General quotas for document classification

The following table describes general quotas related to training custom classifiers.

Description	Quota/Guideline
Maximum length of class name	5,000 characters
Number of classes (multi-class mode)	2–1,000
Number of classes (multi-label mode)	2–100
Annotations format
Minimum number of annotations per class (multi-class mode)	10
Minimum number of annotations per class (multi-label mode)	10
Minimum number of annotations (multi-label mode)	50
CSV file format
Minimum number of training documents per class (multi-class mode)	50
Minimum number of training documents per class (multi-label mode)	10
Minimum number of training documents (multi-label mode)	50

Classification for plain text documents

You create and train a plain-text model using plain-text input documents. Amazon Comprehend provides real-time and asynchronous operations to classify plain text documents using a plain-text model.

Training

The following table describes quotas related to training a custom classifier with plain text documents.

Description	Quota/Guideline
Total size of all files in training job	5 GB
Maximum number of augmented manifest files for training a custom classifier	5
Maximum number of attribute names for each augmented manifest file	5
Maximum length of attribute name	63 characters

Real-time (synchronous) analysis

The following table describes quotas related to real-time classification of plain text documents.

Description	Quota/Guideline
Maximum number of documents per synchronous request	1
Maximum text document size (UTF-8 encoded)	10 KB

Asynchronous analysis

The following table describes quotas related to asynchronous classification of plain text documents.

Description	Quota/Guideline
Total size of all files in asynchronous job	5 GB
Maximum file size for one file, one document per file	10 MB
Maximum number of files, one document per file	1,000,000
Maximum total number of lines, one document per line (for all files in request)	1,000,000

Classification for semi-structured documents

This section describes the guidelines and quotas for document classification of semi-structured documents.

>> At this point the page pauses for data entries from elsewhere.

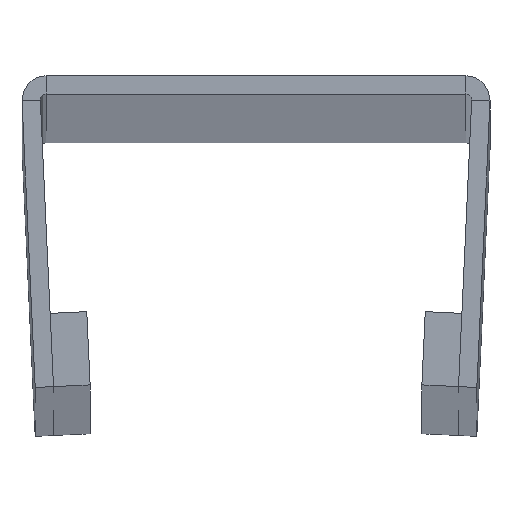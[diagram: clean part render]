
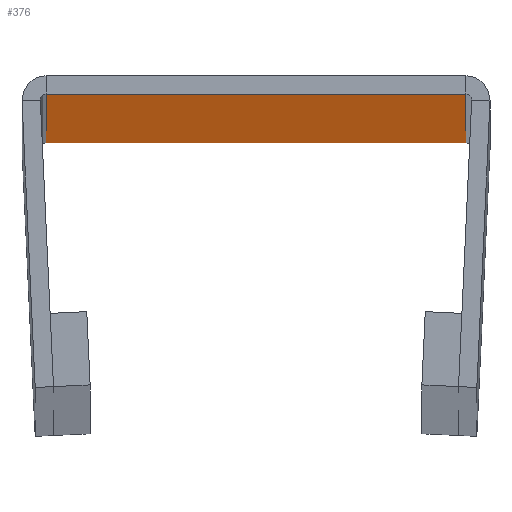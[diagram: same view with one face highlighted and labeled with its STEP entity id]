
A CAD part, top view. The second image highlights one B-rep face of the part: STEP entity #376.
In plain terms, the highlighted planar face has unit normal (0, -1, 0).
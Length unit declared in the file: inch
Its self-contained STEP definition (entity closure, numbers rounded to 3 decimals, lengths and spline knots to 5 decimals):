
#78=DIRECTION('',(0.,0.,-1.));
#79=VECTOR('',#78,95.5);
#80=CARTESIAN_POINT('',(-0.71602,-0.0625,0.));
#81=LINE('',#80,#79);
#82=DIRECTION('',(0.,0.,-1.));
#83=VECTOR('',#82,95.5);
#84=CARTESIAN_POINT('',(0.71602,-0.0625,0.));
#85=LINE('',#84,#83);
#94=DIRECTION('',(-1.,0.,0.));
#95=VECTOR('',#94,1.43204);
#96=CARTESIAN_POINT('',(0.71602,-0.0625,0.));
#97=LINE('',#96,#95);
#110=DIRECTION('',(-1.,0.,0.));
#111=VECTOR('',#110,1.43204);
#112=CARTESIAN_POINT('',(0.71602,-0.0625,-95.5));
#113=LINE('',#112,#111);
#214=CARTESIAN_POINT('',(0.71602,-0.0625,0.));
#215=VERTEX_POINT('',#214);
#216=CARTESIAN_POINT('',(-0.71602,-0.0625,0.));
#217=VERTEX_POINT('',#216);
#226=CARTESIAN_POINT('',(0.71602,-0.0625,-95.5));
#227=VERTEX_POINT('',#226);
#228=CARTESIAN_POINT('',(-0.71602,-0.0625,-95.5));
#229=VERTEX_POINT('',#228);
#362=CARTESIAN_POINT('',(0.71602,-0.0625,0.));
#363=DIRECTION('',(0.,1.,0.));
#364=DIRECTION('',(-1.,0.,0.));
#365=AXIS2_PLACEMENT_3D('',#362,#363,#364);
#366=PLANE('',#365);
#368=ORIENTED_EDGE('',*,*,#367,.F.);
#370=ORIENTED_EDGE('',*,*,#369,.T.);
#372=ORIENTED_EDGE('',*,*,#371,.T.);
#373=ORIENTED_EDGE('',*,*,#355,.F.);
#374=EDGE_LOOP('',(#368,#370,#372,#373));
#375=FACE_OUTER_BOUND('',#374,.F.);
#376=ADVANCED_FACE('',(#375),#366,.F.);
#355=EDGE_CURVE('',#217,#229,#81,.T.);
#367=EDGE_CURVE('',#215,#217,#97,.T.);
#369=EDGE_CURVE('',#215,#227,#85,.T.);
#371=EDGE_CURVE('',#227,#229,#113,.T.);
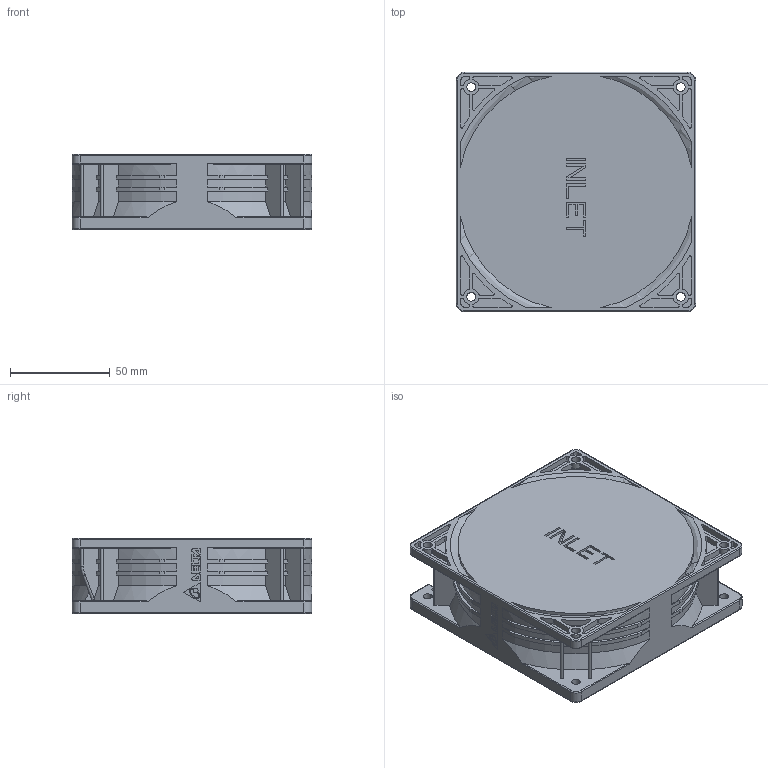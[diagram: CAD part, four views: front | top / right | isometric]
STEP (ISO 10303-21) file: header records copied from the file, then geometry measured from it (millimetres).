
FILE_DESCRIPTION((''),'2;1');
FILE_NAME('PFB1212SE-00','2022-08-26T',('DONGPENG.PAN'),(''),'CREO PARAMETRIC BY PTC INC, 2015080','CREO PARAMETRIC BY PTC INC, 2015080','');
FILE_SCHEMA(('CONFIG_CONTROL_DESIGN'));
Length unit declared in the file: millimetre
Products named in the file (1): PFB1212SE-00
Bounding box: 120 x 120 x 38 mm (x, y, z)
Volume: 464609 mm3; surface area: 64639 mm2
Topology: 1 solids, 1 shells, 906 faces, 2504 edges, 1653 vertices
Faces by surface type: plane 462, cylinder 379, cone 26, torus 26, bspline 5, sphere 4, extrusion 4
Entity records: 30802 total; most frequent: CARTESIAN_POINT 7055, ORIENTED_EDGE 5000, DIRECTION 4983, EDGE_CURVE 2500, AXIS2_PLACEMENT_3D 1698, VERTEX_POINT 1653, VECTOR 1587, LINE 1583
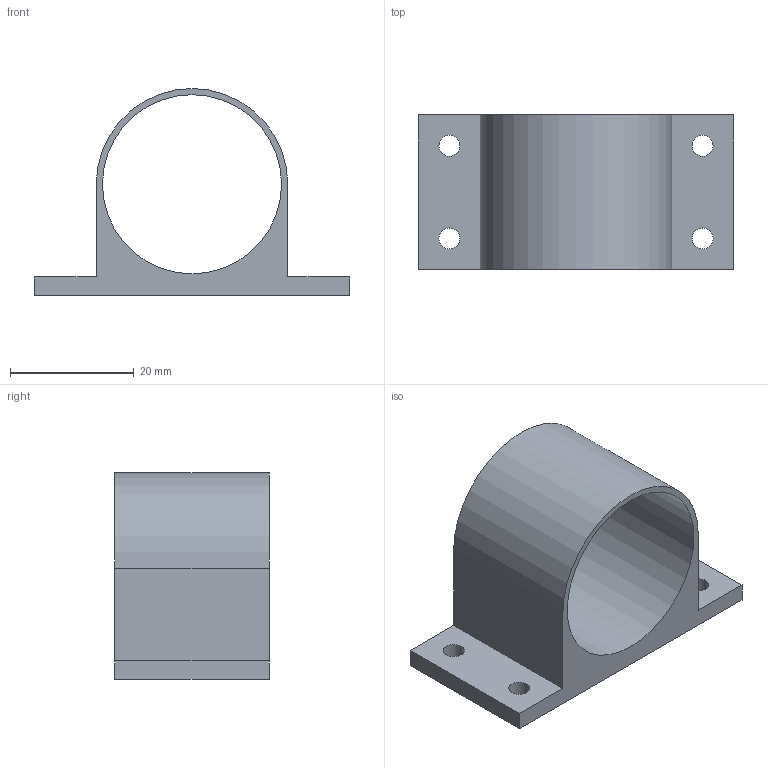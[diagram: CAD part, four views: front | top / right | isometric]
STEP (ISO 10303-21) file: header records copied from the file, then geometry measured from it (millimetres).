
FILE_DESCRIPTION(('FreeCAD Model'),'2;1');
FILE_NAME('Open CASCADE Shape Model','2025-08-11T20:07:08',('Author'),( ''),'Open CASCADE STEP processor 7.8','FreeCAD','Unknown');
FILE_SCHEMA(('AUTOMOTIVE_DESIGN { 1 0 10303 214 1 1 1 1 }'));
Length unit declared in the file: millimetre
Products named in the file (1): Body002
Bounding box: 51 x 25 x 33.5 mm (x, y, z)
Volume: 8262.6 mm3; surface area: 6895.3 mm2
Topology: 1 solids, 1 shells, 15 faces, 39 edges, 26 vertices
Faces by surface type: plane 9, cylinder 6
Full cylindrical faces by diameter (mm): 3.4 x4, 29 x1
Entity records: 507 total; most frequent: DIRECTION 83, CARTESIAN_POINT 81, ORIENTED_EDGE 78, EDGE_CURVE 39, AXIS2_PLACEMENT_3D 28, LINE 27, VECTOR 27, VERTEX_POINT 26
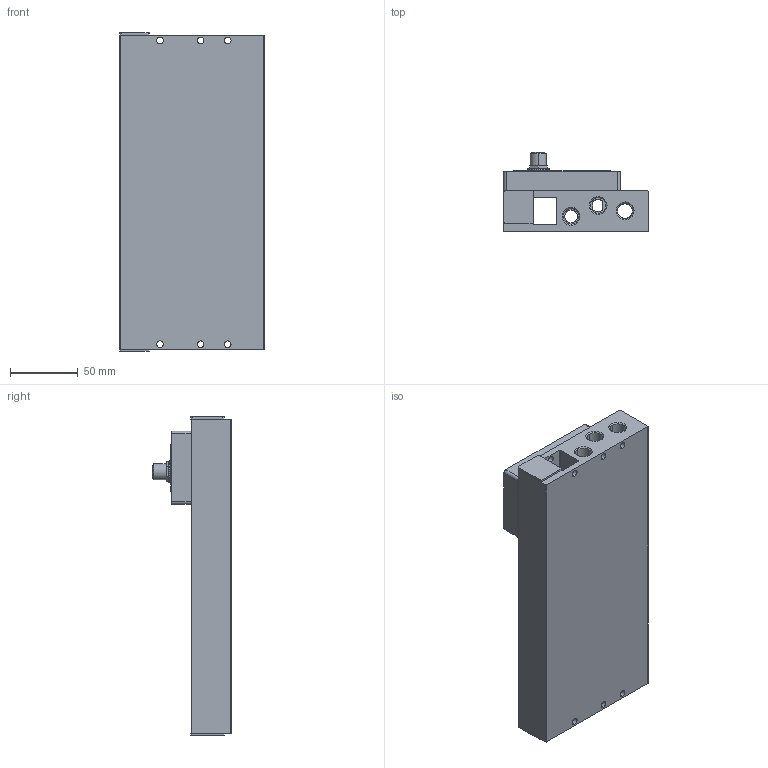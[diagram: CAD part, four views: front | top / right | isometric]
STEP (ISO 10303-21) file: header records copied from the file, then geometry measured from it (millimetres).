
FILE_DESCRIPTION (( 'STEP AP203' ), '1' );
FILE_NAME ('ES2V-10FLK32.STEP', '2022-07-27T13:36:44', ( '' ), ( '' ), 'SwSTEP 2.0', 'SolidWorks 2022', '' );
FILE_SCHEMA (( 'CONFIG_CONTROL_DESIGN' ));
Length unit declared in the file: millimetre
Products named in the file (1): ES2V-10FLK32
Bounding box: 106.7 x 58.4 x 235 mm (x, y, z)
Volume: 672758.5 mm3; surface area: 117718.2 mm2
Topology: 1 solids, 1 shells, 289 faces, 688 edges, 446 vertices
Faces by surface type: cylinder 132, plane 85, cone 60, bspline 12
Entity records: 8759 total; most frequent: CARTESIAN_POINT 1640, DIRECTION 1616, ORIENTED_EDGE 1376, EDGE_CURVE 688, AXIS2_PLACEMENT_3D 662, VERTEX_POINT 446, CIRCLE 384, EDGE_LOOP 358

To classify semi-structured documents, use a native document model that you trained with native input documents.

Training a native document model with semi-structured docs

The following table describes quotas related to training a custom classifier with semi-structured documents, such as PDF documents, Word documents, and image files.

Description	Quota/Guideline
Maximum number of pages across all documents	10,000
Maximum annotations file size (all CSV file sizes combined)	5 MB
Document corpus size (training and test documents)	10 GB
File sizes for training and testing files
Image file size (JPG, PNG, TIFF).	1 byte–10 MB. TIFF files: one page maximum.
Page size for PDF documents	1 byte–10 MB
Page size for Word documents	1 byte–10 MB
Amazon Textract API output JSON size	1 byte–1 MB

Real-time (synchronous) analysis

This section describes quotas related to real-time classification of semi-structured documents.

The following table shows the maximum file sizes for input documents. For all input document types, the input file maximum is one page, with no more than 10,000 characters.

File type	Maximum size (API)	Maximum size (console)
UTF-8 text documents	10 KB	10 KB
PDF documents	10 MB	5 MB
Word documents	10 MB	5 MB
Image files	10 MB	5 MB
Amazon Textract API output size	1 MB	n/a

Asynchronous analysis

The following table describes quotas related to asynchronous classification of semi-structured documents.

Description	Quota/Guideline
Maximum number of pages across all input documents for a job	25,000
Document corpus size	25 GB
Image file size (JPG, PNG, or TIFF)	1 byte–10 MB. TIFF files: one page maximum.
Page size for PDF documents	1 byte–10 MB
Page size for Word documents	1 byte–10 MB
Textract API output JSON size	1 byte–1 MB.

Custom entity recognition

This section describes the guidelines and quotas for the following operations for custom entity recognition:

Entity recognizer training jobs started with the CreateEntityRecognizer operation.
Asynchronous entity recognition jobs started with the StartEntitiesDetectionJob operation.
Synchronous entity recognition requests using the DetectEntities operation.

Custom entity recognition for plain text documents

Amazon Comprehend provides async and sync operations to analyze plain text documents with a custom entity recognizer.

Training

This section describes quotas related to training a custom entity recognizer to analyze plain text documents. To train the model, you can provide an entity list or a set of annotated text documents.

The following table describes quotas related to training the model with an entity list.

Description	Quota/Guideline
Number of entities per model	1–25
Document size (UTF-8)	1–5,000 byte
Number of items in entity list	1–1 million
Length of individual entry (post-strip) in entry list	1–5,000
Entity list corpus size (all docs in plaintext combined)	5 KB –200 MB

The following table describes quotas related to training the model with annotated text documents.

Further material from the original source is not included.